The light load case is designed to create an accurate representation of shoulder periods by scaling load down to 50% of the summer forecast peak using bus-level data provided by transmission owners. The proposal would limit that practice to not include any non-scalable load reported by TOs.

The Manual 14B changes also expand the NERC TPL standards examined during generator deliverability analysis to match current practice, updating the system operating limit (SOL) definition and adding new standards created by NERC.

Transmission Expansion Advisory Committee

3 TOs Negotiate Changes to Component Project in 2022 RTEP Window 3

NextEra Energy, FirstEnergy and Dominion Energy have redesigned the plans for a new 500-kV line between the 502 Junction substation and the new Aspen facility to reduce greenfield development and improve constructability. The project is a component of the $5 billion transmission upgrade package aimed at resolving reliability violations identified throughout Maryland and Virginia. (See FERC Approves Cost Allocation for $5 Billion in PJM Transmission Expansion.)

The proposed changes would replace a NextEra segment of the construction, which follows a greenfield route to the west of the existing 500-kV Doubs-Goose Creek line, with a design to continue the lines farther east towards the Doubs substation. Bypassing Doubs, the line would follow the existing corridor south through the Dickerson H substation and to the Goose Creek substation, where it would terminate, instead of at Aspen.

The reworked design would split the former NextEra component, which would cost $71.2 million, between FirstEnergy and Dominion, increasing the total cost by $167.5 million. NextEra would retain other components of the overall project amounting to $440.9 million, including building a new Woodside substation between the Black Oak and Doubs substations.

FirstEnergy would connect the line to the Doubs-Goose Creek corridor by rebuilding a 16-mile segment of the 138-kV Millville-Doubs line to be capable of supporting 500-kV overbuild. It would also be responsible for constructing an additional 15 miles south towards Goose Creek.

The Dominion portion of the work involves constructing the final 3 miles south into Goose Creek and installing a 500-kV capacitor bank originally destined for that facility to the Aspen substation.

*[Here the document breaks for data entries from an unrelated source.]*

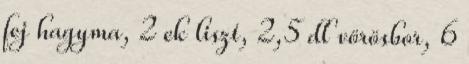
fej hagyma, 2 ek liszt, 2,5 dl vörösbor, 6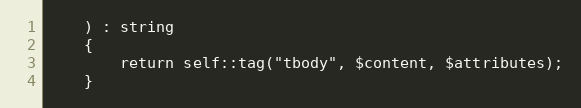
Language: PHP
    ) : string
    {
        return self::tag("tbody", $content, $attributes);
    }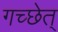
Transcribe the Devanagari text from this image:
गच्छेत्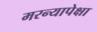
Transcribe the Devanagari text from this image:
मरन्यापेक्षा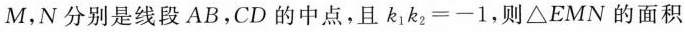
M，N分别是线段AB，CD的中点，且$$k _ { 1 } k _ { 2 } = - 1$$，则△EMN的面积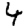
Digit: 4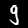
Digit: 9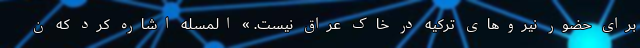
برای حضور نیروهای ترکیه در خاک عراق نیست. » المسله اشاره کرد که ن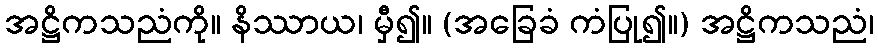
အဋ္ဌိကသညံကို။ နိဿာယ၊ မှီ၍။ (အခြေခံ ကံပြု၍။) အဋ္ဌိကသညံ၊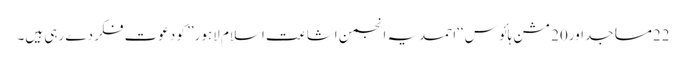
22مساجداور20 مشن ہائو س ‘‘احمدیہ انجمن اشاعت اسلام لاہور’’ کو دعوت فکر دے رہی ہیں۔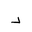
Letter: _dal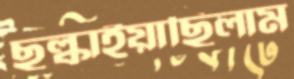
ছল্‌কাইয়াছিলাম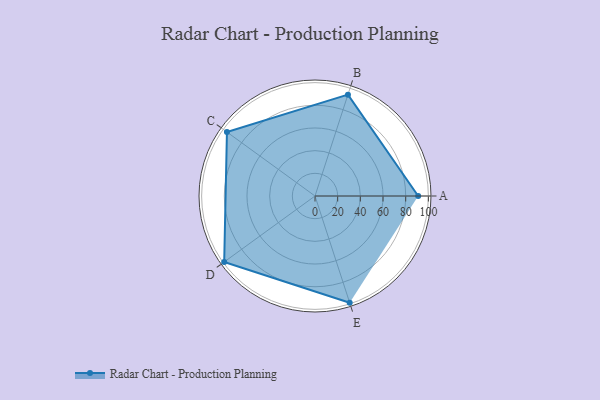
{"axis": {"x": "Skill", "y": "Score"}, "legend": ["Profile"], "data": [{"x": "A", "y": 91.0, "type": "Profile"}, {"x": "B", "y": 94.0, "type": "Profile"}, {"x": "C", "y": 96.0, "type": "Profile"}, {"x": "D", "y": 99.0, "type": "Profile"}, {"x": "E", "y": 99, "type": "Profile"}]}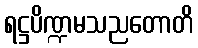
ရဋ္ဌပိဏ္ဍမသညတောတိ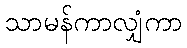
သာမန်ကာလျှံကာ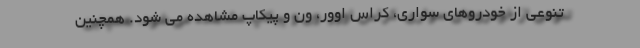
تنوعی از خودروهای سواری، کراس اوور، ون و پیکاپ مشاهده می شود. همچنین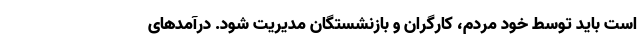
است باید توسط خود مردم، کارگران و بازنشستگان مدیریت شود. درآمدهای

Ratepayers along the revised corridors questioned the decision-making process for choosing which route would be selected and argued the change was shifting the impact from a wealthier area along the NextEra pathway to a different community.

PJM’s Jason Connell said the RTO is focused on arriving at the most optimal engineering solution.

Reliability Analysis Shows Growing Need for West-to-East Transfer Capability

Analysis of shifting load and generation patterns between 2028 and 2029 RTEP models find that rapidly growing load in PJM’s eastern regions could result in increased power flows from the west, where sizeable solar and wind development is expected to occur.

The MAAC region is forecast to see around 2,800 MW of load growth and 800 MW of new generation between the 2028 and 2029 summers, while the Dominion zone should see 2,500 MW in new load and 300 MW of added generation. While adequate generation growth is expected in the ComEd, AEP and Rest of PJM West zones to cover the load in the east, the analysis identified several voltage collapse violations in the summer across southern Pennsylvania, Maryland and Virginia.

PJM’s Jeff Goldberg said the analysis shows that the need for additional transmission linking the east and west is likely to present sooner than expected.

PJM Director of Transmission Planning Sami Abdulsalam said the analysis is meant to identify future needs and does not include any proposed solutions, adding that any transmission proposals are not bound to follow similar designs to past RTEP projects.

Supplemental Projects

Public Service Enterprise Group presented a $169 million project to construct a new 230/69/13-kV substation near Kenilworth, N.J., to address capacity overloads identified at its Springfield Road and Aldene substations. The new facility would be cut into the existing 230-kV Springfield Road-Aldene line and the 69-kV Springfield Road-Roselle line with a projected in-service date in December 2029.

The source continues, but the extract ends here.